The wilderness contains a few major encounter areas, and relies strongly on characters following the trails. One encounter is most likely to occur only if players follow a will-o-the-wisp, which I find a very nice touch.

The dungeon is nicely constructed. It contains a few rather disturbing encounters, as is proper for any adventure employing a mind flayer. The dungeon lacks traps, but does have a number of obstacles and interesting features to investigate, including some that give clues to the identity and state of mind of the adventure’s ultimate foe – assuming the players haven’t worked it out already. And monsters. Yes, it has monsters.

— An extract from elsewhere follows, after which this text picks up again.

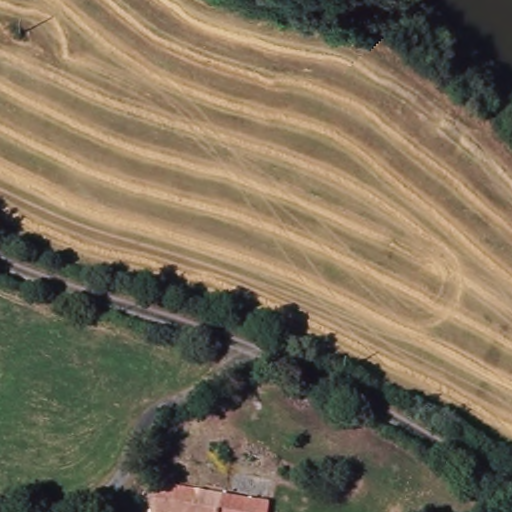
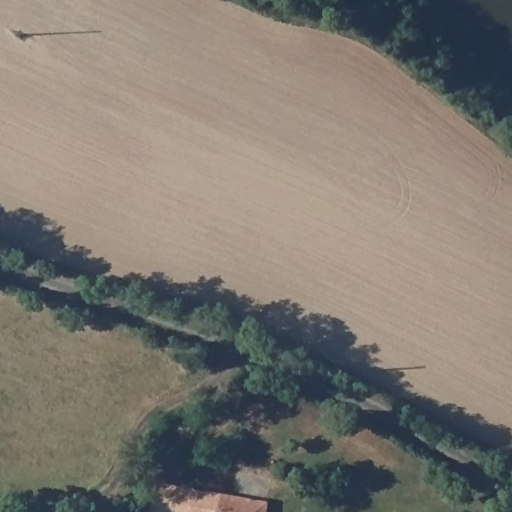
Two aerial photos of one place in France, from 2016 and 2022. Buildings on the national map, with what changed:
unchanged [(159,483),(188,488),(269,503),(268,512),(154,512),(155,506),(159,483)]

My chief problem with the dungeon is that it – a temple to a strange elven “god” – doesn’t really have that much surviving to indicate its original purpose. It hints that the elves were worshipping a mind flayer(!), but it doesn’t play that up enough. There’s actually a much better idea here than what made it into the final adventure.

What the dungeon does well is establish a few competing factions, and provides the players with the opportunity to interact with them in interesting ways.

The text of the adventure is well-written and nicely edited. The maps are very good, and the artwork wanders between very good and the not so good. It doesn’t detract from the adventure’s other accomplishments. However, the layout of the text on the page suffers from two problems. The first is that there isn’t enough of a gap between the two columns of text. The second is that the spacing between lines is just a bit too large. The net result of this is that I don’t find the text as easy to read as I normally would. It may bother you less.

Overall, Temple of Shattered Minds is an excellent adventure, although a challenging one to run. It’s got a strong central premise, and some suitably fiendish developments along the way to keep the players entertained.